§ Exercise brief
Exactly reproduce the line that contains "Q: Is the spacing" and all lines after it in the entries below, through the very last line.

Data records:
****
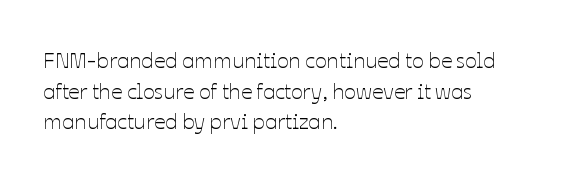
{"italic": "no", "bold": "no", "underline": "no", "align": "left", "line_spacing": "normal", "line_spacing_ratio": 1.39, "letter_spacing": "normal", "letter_spacing_em": 0.0, "glyph_px": 22}
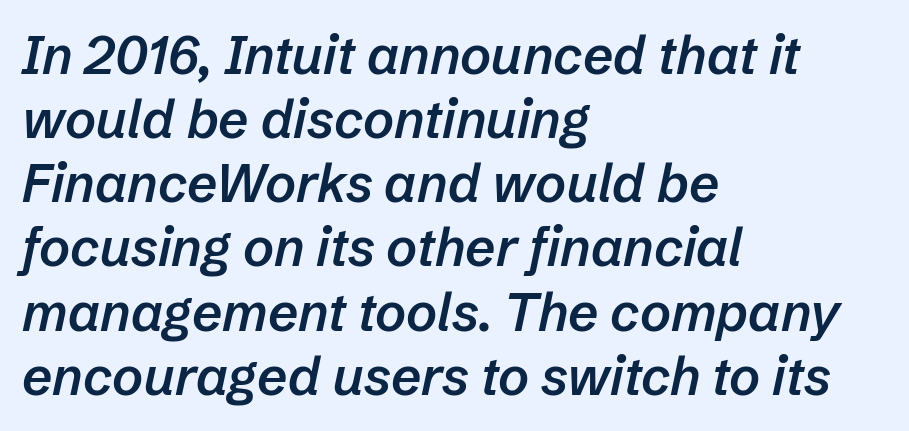
Q: Is the text bold? A: Semi-bold.
Q: Is the text italic (slanted)? A: Yes, it leans right by about 12 degrees.
Q: Is the text underlined? A: No.
Q: How is the paragraph aligned? A: Left-aligned.
Q: Is the spacing between letters normal or unusually wide? A: Normal.
Q: Width (condensed, normal, or wide)? A: Normal.
Q: Stroke contrast? A: Low.
Q: x-height? A: Medium.
Q: Monospaced? A: No.
****
§ Answer section
Q: Is the spacing between letters normal or unusually wide? A: Normal.
Q: Width (condensed, normal, or wide)? A: Normal.
Q: Stroke contrast? A: Low.
Q: x-height? A: Medium.
Q: Monospaced? A: No.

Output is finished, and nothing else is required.